━━━ SUPPLIED ENTRIES ━━━
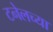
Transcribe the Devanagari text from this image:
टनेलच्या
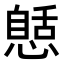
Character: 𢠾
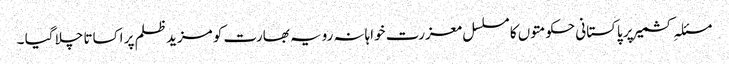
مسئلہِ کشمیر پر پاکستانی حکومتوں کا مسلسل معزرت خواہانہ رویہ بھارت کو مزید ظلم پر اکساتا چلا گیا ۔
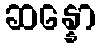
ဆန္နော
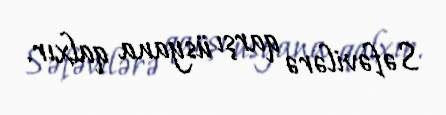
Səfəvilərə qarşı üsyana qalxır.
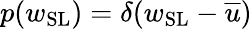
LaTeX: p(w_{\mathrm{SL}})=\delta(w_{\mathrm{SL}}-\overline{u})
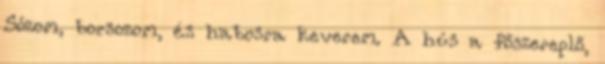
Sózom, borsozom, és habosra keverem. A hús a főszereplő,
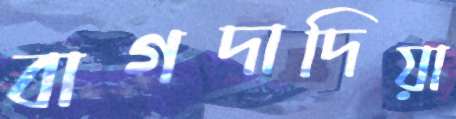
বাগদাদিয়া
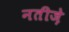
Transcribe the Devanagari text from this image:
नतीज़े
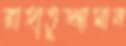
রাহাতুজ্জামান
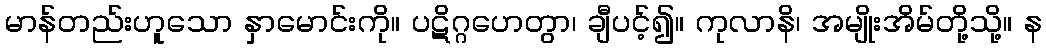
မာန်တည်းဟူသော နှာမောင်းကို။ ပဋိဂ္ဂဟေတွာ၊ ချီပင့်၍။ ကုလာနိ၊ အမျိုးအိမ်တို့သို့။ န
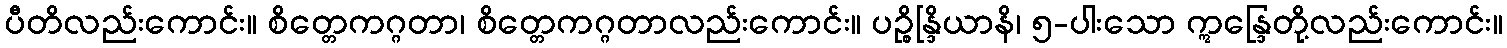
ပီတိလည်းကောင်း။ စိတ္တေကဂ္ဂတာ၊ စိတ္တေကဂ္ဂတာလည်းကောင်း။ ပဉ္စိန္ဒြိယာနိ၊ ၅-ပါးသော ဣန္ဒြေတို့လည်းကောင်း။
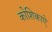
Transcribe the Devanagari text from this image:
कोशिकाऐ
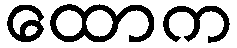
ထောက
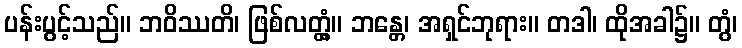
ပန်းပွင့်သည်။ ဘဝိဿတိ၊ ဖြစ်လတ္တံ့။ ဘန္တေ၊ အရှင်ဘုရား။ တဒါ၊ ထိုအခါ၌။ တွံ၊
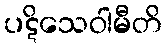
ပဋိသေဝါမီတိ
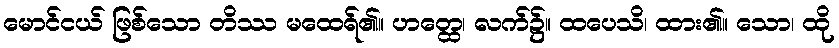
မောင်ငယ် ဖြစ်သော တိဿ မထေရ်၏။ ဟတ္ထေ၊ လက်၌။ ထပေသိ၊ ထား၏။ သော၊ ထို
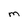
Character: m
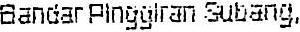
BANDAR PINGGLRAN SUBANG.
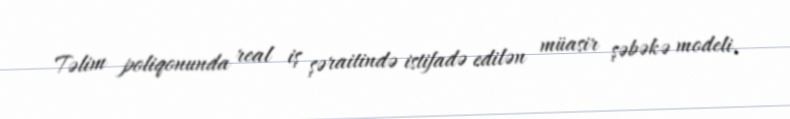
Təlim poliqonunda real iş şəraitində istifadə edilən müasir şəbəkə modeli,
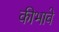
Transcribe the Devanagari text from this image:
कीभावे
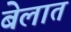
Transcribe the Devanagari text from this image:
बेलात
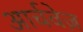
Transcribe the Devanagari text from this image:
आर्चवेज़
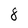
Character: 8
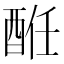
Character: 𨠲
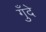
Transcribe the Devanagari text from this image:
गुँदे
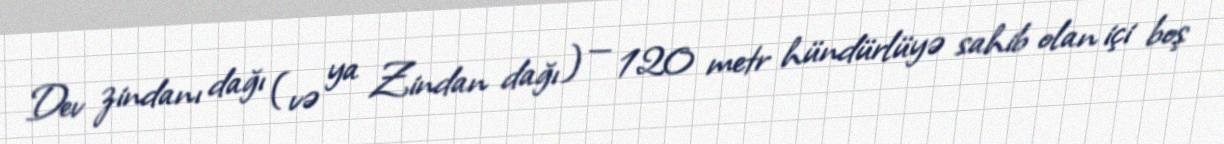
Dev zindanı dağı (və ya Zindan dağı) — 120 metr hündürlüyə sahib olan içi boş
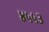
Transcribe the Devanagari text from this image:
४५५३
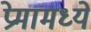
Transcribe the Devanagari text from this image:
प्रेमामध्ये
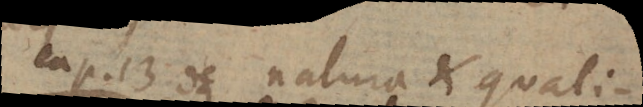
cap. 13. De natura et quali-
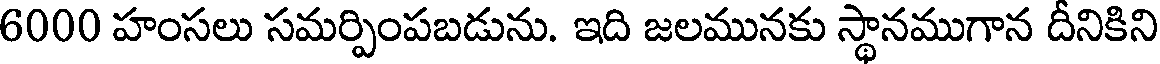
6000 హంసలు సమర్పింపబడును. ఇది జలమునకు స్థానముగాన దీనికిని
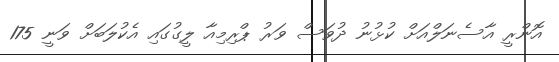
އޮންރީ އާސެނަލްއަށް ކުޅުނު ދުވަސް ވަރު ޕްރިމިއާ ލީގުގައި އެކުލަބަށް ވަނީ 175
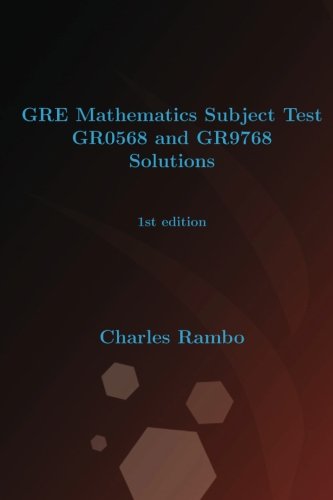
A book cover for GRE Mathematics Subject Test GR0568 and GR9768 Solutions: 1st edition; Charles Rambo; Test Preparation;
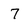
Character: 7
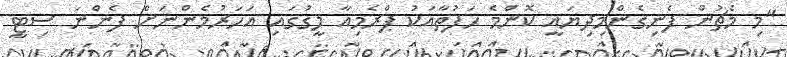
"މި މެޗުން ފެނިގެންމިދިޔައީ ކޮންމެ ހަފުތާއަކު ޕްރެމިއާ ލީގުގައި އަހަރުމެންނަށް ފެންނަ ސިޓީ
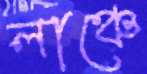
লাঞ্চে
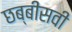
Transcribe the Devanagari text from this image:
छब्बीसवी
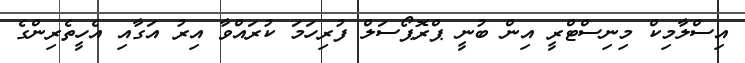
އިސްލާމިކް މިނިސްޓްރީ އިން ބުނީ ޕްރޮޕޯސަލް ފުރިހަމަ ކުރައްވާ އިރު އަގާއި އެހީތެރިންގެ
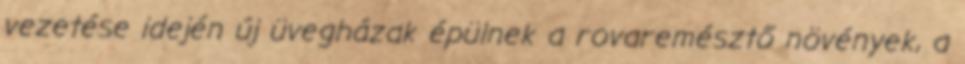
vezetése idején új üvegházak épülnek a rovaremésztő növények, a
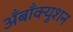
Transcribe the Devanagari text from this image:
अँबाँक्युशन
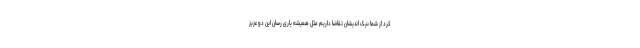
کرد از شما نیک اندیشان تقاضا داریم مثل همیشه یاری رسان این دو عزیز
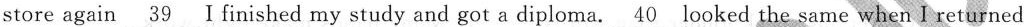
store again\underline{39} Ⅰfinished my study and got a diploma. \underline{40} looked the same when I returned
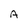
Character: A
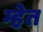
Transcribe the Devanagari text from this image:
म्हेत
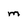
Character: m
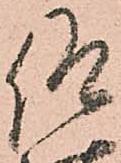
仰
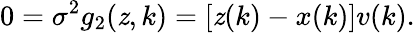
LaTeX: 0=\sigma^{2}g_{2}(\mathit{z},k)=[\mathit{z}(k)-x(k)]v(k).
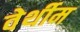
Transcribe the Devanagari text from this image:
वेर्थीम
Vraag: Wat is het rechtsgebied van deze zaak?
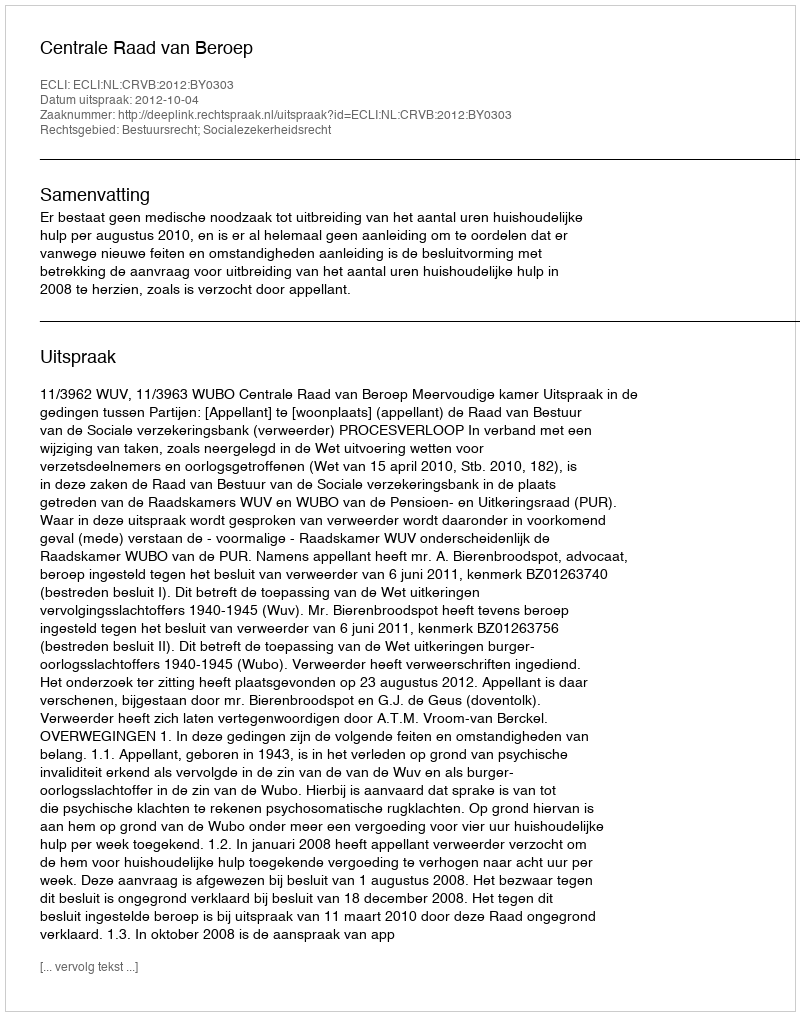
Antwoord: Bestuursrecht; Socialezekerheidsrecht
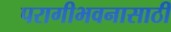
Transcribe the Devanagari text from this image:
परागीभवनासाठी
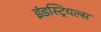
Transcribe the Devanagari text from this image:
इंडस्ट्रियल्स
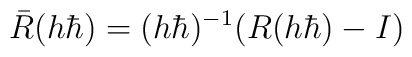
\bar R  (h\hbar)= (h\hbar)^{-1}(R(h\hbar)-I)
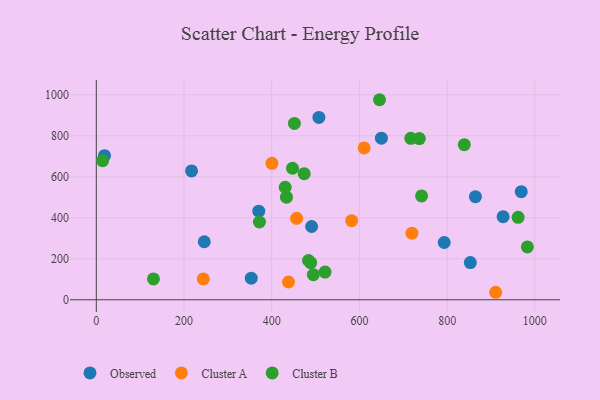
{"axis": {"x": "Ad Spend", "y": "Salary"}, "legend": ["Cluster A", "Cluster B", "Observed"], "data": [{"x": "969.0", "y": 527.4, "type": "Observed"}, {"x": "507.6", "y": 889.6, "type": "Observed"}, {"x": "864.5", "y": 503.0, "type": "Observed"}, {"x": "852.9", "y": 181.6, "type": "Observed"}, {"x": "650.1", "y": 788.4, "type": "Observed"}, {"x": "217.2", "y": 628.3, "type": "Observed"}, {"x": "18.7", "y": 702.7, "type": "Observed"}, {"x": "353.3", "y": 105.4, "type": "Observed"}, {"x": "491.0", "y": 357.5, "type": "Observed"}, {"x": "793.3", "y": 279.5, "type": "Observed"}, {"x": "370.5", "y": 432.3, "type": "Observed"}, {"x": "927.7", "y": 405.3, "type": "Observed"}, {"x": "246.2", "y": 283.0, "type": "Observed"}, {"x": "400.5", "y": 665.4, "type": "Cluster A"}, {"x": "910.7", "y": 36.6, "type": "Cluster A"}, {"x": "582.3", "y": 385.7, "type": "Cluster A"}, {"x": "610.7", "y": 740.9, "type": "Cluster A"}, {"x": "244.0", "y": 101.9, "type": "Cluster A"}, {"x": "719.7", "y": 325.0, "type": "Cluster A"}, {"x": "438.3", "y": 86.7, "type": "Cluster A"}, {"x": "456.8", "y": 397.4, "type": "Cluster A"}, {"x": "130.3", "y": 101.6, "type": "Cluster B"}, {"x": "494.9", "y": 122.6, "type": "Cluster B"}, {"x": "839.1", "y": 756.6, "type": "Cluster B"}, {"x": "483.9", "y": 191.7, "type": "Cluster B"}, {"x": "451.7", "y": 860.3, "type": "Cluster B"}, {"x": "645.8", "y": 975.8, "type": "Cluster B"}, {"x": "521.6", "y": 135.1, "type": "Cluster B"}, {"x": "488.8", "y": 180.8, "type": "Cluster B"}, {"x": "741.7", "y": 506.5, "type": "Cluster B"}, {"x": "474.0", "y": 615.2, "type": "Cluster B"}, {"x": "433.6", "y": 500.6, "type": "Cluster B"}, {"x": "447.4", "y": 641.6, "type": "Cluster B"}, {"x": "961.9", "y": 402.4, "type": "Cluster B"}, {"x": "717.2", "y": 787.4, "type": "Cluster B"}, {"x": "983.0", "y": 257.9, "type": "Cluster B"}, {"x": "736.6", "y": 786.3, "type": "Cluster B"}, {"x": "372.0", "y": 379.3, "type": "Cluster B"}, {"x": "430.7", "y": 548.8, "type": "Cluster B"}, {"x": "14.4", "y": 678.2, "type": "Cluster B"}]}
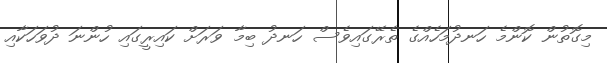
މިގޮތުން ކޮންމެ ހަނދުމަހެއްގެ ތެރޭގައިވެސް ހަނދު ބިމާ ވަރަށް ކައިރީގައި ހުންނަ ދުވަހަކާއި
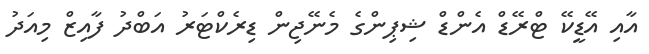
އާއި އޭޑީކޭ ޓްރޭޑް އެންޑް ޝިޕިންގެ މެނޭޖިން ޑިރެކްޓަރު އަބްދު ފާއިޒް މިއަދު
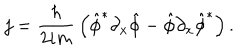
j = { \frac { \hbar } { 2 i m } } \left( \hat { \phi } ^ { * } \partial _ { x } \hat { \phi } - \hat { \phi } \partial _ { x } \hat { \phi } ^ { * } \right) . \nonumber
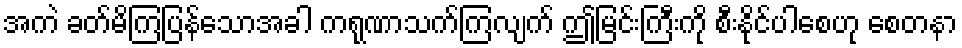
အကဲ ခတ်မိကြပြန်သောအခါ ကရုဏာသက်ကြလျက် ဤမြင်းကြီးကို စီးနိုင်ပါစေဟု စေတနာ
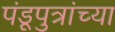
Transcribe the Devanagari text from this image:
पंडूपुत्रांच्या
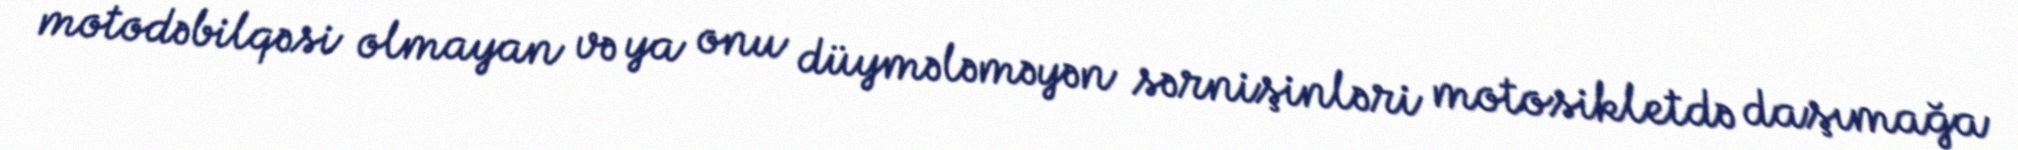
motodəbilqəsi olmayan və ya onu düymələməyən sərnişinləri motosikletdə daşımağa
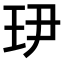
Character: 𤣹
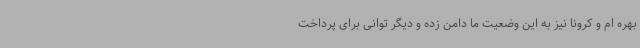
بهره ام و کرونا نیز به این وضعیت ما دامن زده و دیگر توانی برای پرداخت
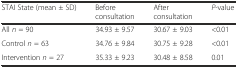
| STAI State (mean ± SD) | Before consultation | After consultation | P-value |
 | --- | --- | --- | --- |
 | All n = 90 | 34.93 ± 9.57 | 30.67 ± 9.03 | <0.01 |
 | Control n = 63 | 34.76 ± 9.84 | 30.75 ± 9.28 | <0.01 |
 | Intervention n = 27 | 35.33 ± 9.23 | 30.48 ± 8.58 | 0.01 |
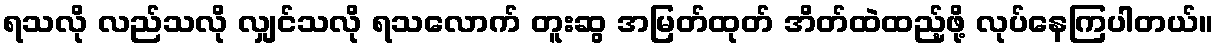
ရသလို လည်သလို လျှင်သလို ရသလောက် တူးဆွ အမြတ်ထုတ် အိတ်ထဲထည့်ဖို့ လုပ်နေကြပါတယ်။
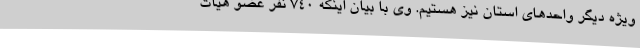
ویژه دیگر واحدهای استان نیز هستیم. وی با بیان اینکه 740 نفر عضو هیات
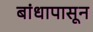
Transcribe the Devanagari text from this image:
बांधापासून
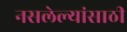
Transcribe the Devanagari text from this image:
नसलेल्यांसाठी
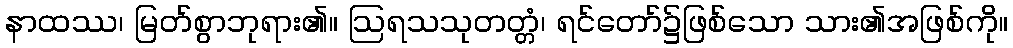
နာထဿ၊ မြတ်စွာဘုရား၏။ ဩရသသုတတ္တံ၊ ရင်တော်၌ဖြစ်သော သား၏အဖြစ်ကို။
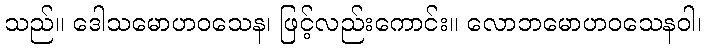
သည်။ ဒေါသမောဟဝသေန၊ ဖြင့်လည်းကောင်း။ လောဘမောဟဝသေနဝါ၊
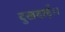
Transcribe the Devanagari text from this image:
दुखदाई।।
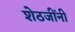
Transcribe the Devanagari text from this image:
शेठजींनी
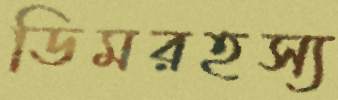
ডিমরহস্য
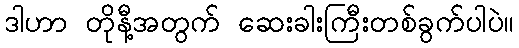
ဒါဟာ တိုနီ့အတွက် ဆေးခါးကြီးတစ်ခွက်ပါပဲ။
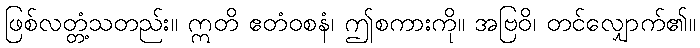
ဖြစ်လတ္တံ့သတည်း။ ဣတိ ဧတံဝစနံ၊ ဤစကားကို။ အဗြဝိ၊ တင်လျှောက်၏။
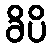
━━━
[WHAT THE TASK REQUIRES] In the records above, transcribe exactly the lines from the one containing "Character: 𤣹" through the last line, both included, and skip the pictures.

[ANSWER BOX]
Character: 𤣹
بهره ام و کرونا نیز به این وضعیت ما دامن زده و دیگر توانی برای پرداخت
| STAI State (mean ± SD) | Before consultation | After consultation | P-value |
 | --- | --- | --- | --- |
 | All n = 90 | 34.93 ± 9.57 | 30.67 ± 9.03 | <0.01 |
 | Control n = 63 | 34.76 ± 9.84 | 30.75 ± 9.28 | <0.01 |
 | Intervention n = 27 | 35.33 ± 9.23 | 30.48 ± 8.58 | 0.01 |
ရသလို လည်သလို လျှင်သလို ရသလောက် တူးဆွ အမြတ်ထုတ် အိတ်ထဲထည့်ဖို့ လုပ်နေကြပါတယ်။
ویژه دیگر واحدهای استان نیز هستیم. وی با بیان اینکه 740 نفر عضو هیات
Transcribe the Devanagari text from this image:
बांधापासून
Transcribe the Devanagari text from this image:
नसलेल्यांसाठी
နာထဿ၊ မြတ်စွာဘုရား၏။ ဩရသသုတတ္တံ၊ ရင်တော်၌ဖြစ်သော သား၏အဖြစ်ကို။
သည်။ ဒေါသမောဟဝသေန၊ ဖြင့်လည်းကောင်း။ လောဘမောဟဝသေနဝါ၊
Transcribe the Devanagari text from this image:
दुखदाई।।
Transcribe the Devanagari text from this image:
शेठजींनी
ডিমরহস্য
ဒါဟာ တိုနီ့အတွက် ဆေးခါးကြီးတစ်ခွက်ပါပဲ။
ဖြစ်လတ္တံ့သတည်း။ ဣတိ ဧတံဝစနံ၊ ဤစကားကို။ အဗြဝိ၊ တင်လျှောက်၏။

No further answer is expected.